Clock timing on atmega32

Thread Starter

clintonb

Joined Mar 6, 2011
52
I used my atmega32 out of the box and I programmed it in winavr. I noticed it was really slow and I found out that apparently it is set to run on an 8mhz internal clock that is divided by 8 by default in the fuse bits.

I changed the makefile F_CPU to 1000000 and things worked as normal because it was infact running at 1mhz. I setup a clock and factored it by 1024 in the register giving 1000 ticks per second or millisecond intervals. I counted up to 1000 of these ticks and it did in fact give 1 second.

I now want more than just 1mhz and would like to not divide by 8. I used the calculator and removed the divide by 8 to get back to 8mhz. My program then did not run but I then changed the F_CPU to 8000000 and just like that it ran which I would expect.

I expected to have to go and change my code to cater for the faster clock count but I didn't have to? The program still reads the TCNT value and the timer factors by 1024 and counts to 1000 for the old second, I would have expected this to increment faster because it counts up 8 times faster.

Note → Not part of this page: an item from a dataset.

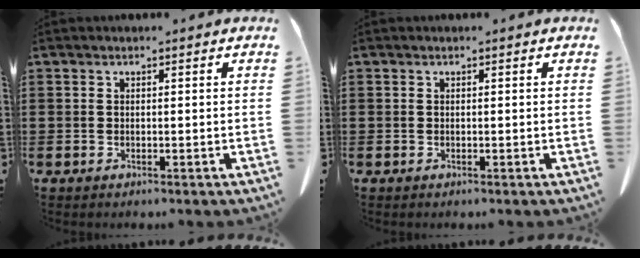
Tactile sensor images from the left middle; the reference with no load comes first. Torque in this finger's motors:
{"motor_torque": [-1.14, -1.00, 0.02, -0.01]}

Am I misunderstanding something about timing?
 

kubeek

Joined Sep 20, 2005
5,795
It would be nice if you could post your actual code.
But as I recall the timers should be tied to Fcpu, so the changed fuse should affect them as well.
 

Thread Starter

clintonb

Joined Mar 6, 2011
52
It would be nice if you could post your actual code.
But as I recall the timers should be tied to Fcpu, so the changed fuse should affect them as well.
I thought the F_CPU was linked only to the timing functions inside the program such as _delay_ms() etc. If you didn't know the cpu speed you couldn't work a delay. I'll try post the code in a minute but its just a timer with 1024 prescalar and an interrupt.
 

Robartes

Joined Oct 1, 2014
57
F_CPU is used by libavr to calculate the timing for _delay_ms() and delay_us(), indeed. It does not do anything to influence the speed of the timers - that is determined by the combination of clock source and prescaler. If your clock source (in the vast majority of cases this is your system clock) is faster, the timer will count faster.
 

kubeek

Joined Sep 20, 2005
5,795
Sorry for misleading you, what i actually meant was ClkCPU, not the FCPU constant defined in C code. In other words the counter should increment with every 1024 cycles of the cpu, if you have the prescaler set to 1024.
 

Thread Starter

clintonb

Joined Mar 6, 2011
52
It took a while to get to the bottom of this so I'll post the approach and problem if it can be of any help to a newbie like myself.

The problem was that I thought I had set my speed to 8mhz but the timer ticked slower than expected.

I created a simple program that just had a main code section that just dispalys TCNT1 onto the dispaly and then clears sets it to 0. The program dispayed approximately twice every second and dispayed 895 each cycle. This meant it ticked at +-1600 ticks per second. If you multiply this by 1024 precalar it came to what looks more like 2mHz. I looked on the web and found a more reliable calculator

http://www.engbedded.com/fusecalc/

That gives the fuse settings for avrdude. I now set the fuse settings and the makefile to 8mHz and the program runs as expected. JUST make sure that SPIEN is ticked before you apply the settings otherwise you won't be able to program it using you serial programmer.